Archer: Crazy idea, gentlemen: let's hide first and then debate this.
Reed: You're right, sir. It is a crazy idea.

Gralik: There will be more of them coming. You'd better decide what to do.
Archer: They'll probably bring a key next time... is there anywhere else we could go?
Gralik: We could head out into the forest, but they'll probably send cute little flying robot drones out there after us.
Archer, Reed, and Hayes: Into the forest!

Tucker: Okay, I'm gonna test out the rifle.
T'Pol: Attempting to fire an alien weapon without even consulting the weapons officer is unwise even for --
Tucker: Just bear with me, okay?
T'Pol: Mr. Tucker, I already bare with you more often than I'd like.

Sloth Employee: We can't find Gralik. He probably knows you're going to yell at him.
Reptile Xindi: We don't have time for this. Release the cute little flying robot drones!
Degra: They might sound more intimidating if we gave them a cool name like "seekers." Something Star Warsy.
Reptile Xindi: What is it with you other Xindi species and Star Wars?

Hayes: The drones are still pursuing!
Archer: Blast! How do they keep finding -- wait, what's that music?
Reed: Oh, that's my new theme song. I decided a legendary woodsman like myself ought to have one.
Theme Song: Malcolm Reed was a man... Yes, a biiiiig man....
Gralik: That would explain it. Our cute little flying robot drones have audio sensors.
Archer: And they're coming towards that song? Why couldn't they have been programmed with some taste?

Gralik: We'll be safe in this cave for now.
Archer: Good. Then Mr. Reed and I have time to discuss his aim.
Reed: I just couldn't bring myself to shoot down those cute drones, sir.
Archer: (sigh) Right. Mr. Hayes, you're on watch. Malcolm, you stay here and picture yourself killing Bambi until you get used to it.

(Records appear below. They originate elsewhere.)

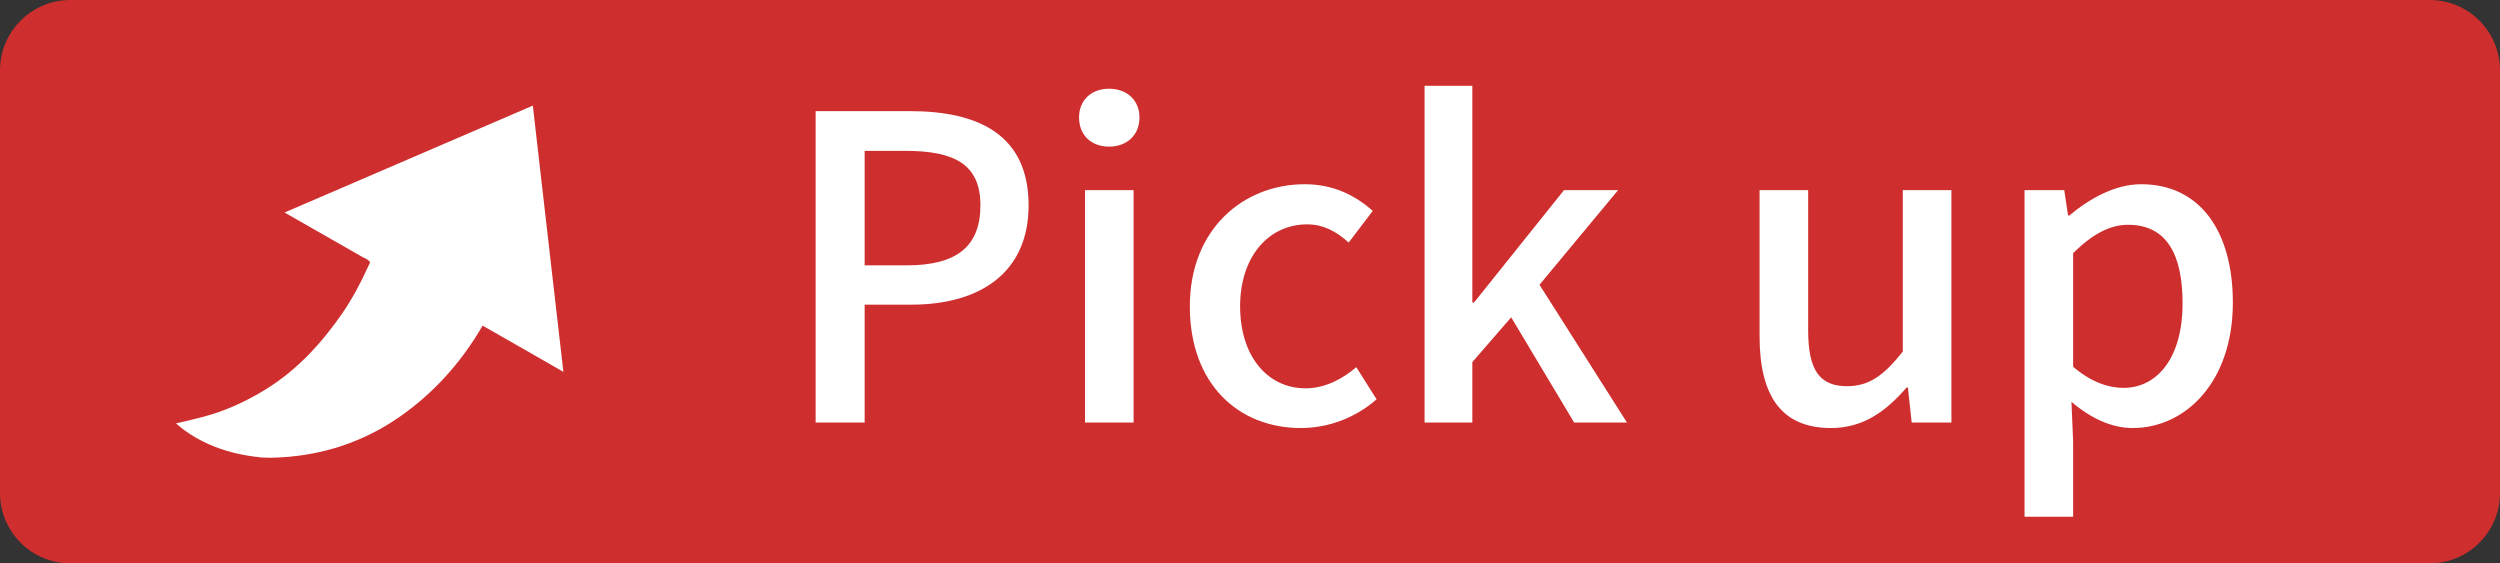 <svg width="71" height="16" viewBox="0 0 71 16" fill="none" xmlns="http://www.w3.org/2000/svg">
<rect x="0" y="0" width="71" height="16" fill="#333333" stroke="none"/>
<path d="M0 2C0 0.895 0.895 0 2 0H69C70.105 0 71 0.895 71 2V14C71 15.105 70.105 16 69 16H2C0.895 16 0 15.105 0 14V2Z" fill="#CF2E2E"/>
<path d="M6.1 12.687C6.1 12.687 6.101 12.687 6.101 12.687C6.2 12.726 6.301 12.762 6.403 12.793C6.418 12.798 6.433 12.802 6.448 12.806C6.536 12.832 6.624 12.857 6.714 12.877C6.76 12.888 6.808 12.897 6.854 12.906C6.913 12.918 6.972 12.93 7.032 12.94C7.168 12.962 7.305 12.981 7.446 12.992C7.487 12.992 7.543 12.993 7.614 12.994C7.614 12.994 7.615 12.994 7.615 12.994C7.385 12.991 7.027 12.99 7.725 13C7.751 12.999 7.76 12.999 7.758 12.998C8.963 12.967 10.106 12.638 11.125 11.987C12.2 11.299 13.073 10.346 13.706 9.248C14.187 9.523 14.668 9.798 15.149 10.072L15.996 10.559L15.996 10.556C15.997 10.557 15.998 10.558 16 10.559C15.932 9.969 15.56 6.732 15.325 4.686L15.133 3.004L15.132 3.004C15.132 3.003 15.131 3.001 15.131 3C14.336 3.343 8.373 5.909 8.081 6.035C8.817 6.456 9.554 6.876 10.29 7.297C10.339 7.325 10.43 7.357 10.468 7.399C10.531 7.468 10.52 7.424 10.457 7.565C10.25 8.024 10.012 8.473 9.727 8.889C9.161 9.714 8.456 10.489 7.598 11.025C7.154 11.304 6.691 11.536 6.194 11.708C6.101 11.741 6.008 11.77 5.914 11.797C5.907 11.799 5.899 11.801 5.892 11.803C5.629 11.879 5.363 11.939 5.096 12.003L5.003 12.023C5.003 12.024 5.004 12.024 5.005 12.025C5.003 12.025 5.002 12.025 5 12.026C5.324 12.314 5.699 12.529 6.1 12.687Z" fill="white"/>
<path d="M23.164 12H24.556V8.652H25.888C27.808 8.652 29.212 7.764 29.212 5.832C29.212 3.84 27.808 3.156 25.84 3.156H23.164V12ZM24.556 7.536V4.284H25.708C27.112 4.284 27.844 4.668 27.844 5.832C27.844 6.996 27.172 7.536 25.756 7.536H24.556ZM30.814 12H32.194V5.4H30.814V12ZM31.497 4.164C32.002 4.164 32.361 3.84 32.361 3.336C32.361 2.844 32.002 2.52 31.497 2.52C30.994 2.52 30.645 2.844 30.645 3.336C30.645 3.84 30.994 4.164 31.497 4.164ZM36.947 12.156C37.703 12.156 38.483 11.88 39.095 11.34L38.519 10.428C38.123 10.764 37.631 11.028 37.079 11.028C35.987 11.028 35.219 10.104 35.219 8.7C35.219 7.308 36.011 6.372 37.127 6.372C37.571 6.372 37.943 6.564 38.303 6.888L38.987 5.988C38.507 5.568 37.895 5.232 37.055 5.232C35.315 5.232 33.791 6.504 33.791 8.7C33.791 10.896 35.159 12.156 36.947 12.156ZM40.458 12H41.814V10.284L42.918 9.012L44.706 12H46.206L43.722 8.088L45.954 5.4H44.418L41.862 8.592H41.814V2.436H40.458V12ZM52 12.156C52.9 12.156 53.548 11.7 54.148 11.004H54.184L54.292 12H55.42V5.4H54.04V9.984C53.488 10.68 53.068 10.968 52.456 10.968C51.676 10.968 51.352 10.512 51.352 9.384V5.4H49.972V9.552C49.972 11.232 50.584 12.156 52 12.156ZM57.497 14.676H58.877V12.54L58.829 11.412C59.393 11.892 59.981 12.156 60.569 12.156C62.057 12.156 63.413 10.86 63.413 8.592C63.413 6.564 62.477 5.232 60.809 5.232C60.065 5.232 59.345 5.64 58.769 6.12H58.733L58.625 5.4H57.497V14.676ZM60.305 11.016C59.897 11.016 59.393 10.86 58.877 10.416V7.188C59.429 6.648 59.921 6.384 60.437 6.384C61.541 6.384 61.985 7.236 61.985 8.616C61.985 10.164 61.265 11.016 60.305 11.016Z" fill="white"/>
</svg>

Tucker: Three... two... one... fire!
Worm Inside Rifle: Hmm let's see no. Initiating overload.
Tucker: Oops. Um, T'Pol, which way to the transporter?
T'Pol: Wouldn't it be simpler if I put a force field around you to contain the explosion?
Tucker: Gee, somehow I don't like that idea.
Phlox: Now now, Mr. Tucker, I think it has some merit....

Archer: I have a plan to get us out of this mess, but we'll need your help.
Gralik: Then you'll trust me after all?
Archer: More than I trust the Dueling Machos to guard us.

Archer: ...and that's the plan.
T'Pol: (over the comm) While I am impressed that you came up with something more complicated than a road sign unassisted, do you realize that this plan involves neither destroying the compound nor killing anyone?
Archer: What are you getting at?
T'Pol: Have you explained the plan to Mr. Reed?
Archer: Whoa! Good point. I'd better add another step where he gets to shoot at spotted owls or something.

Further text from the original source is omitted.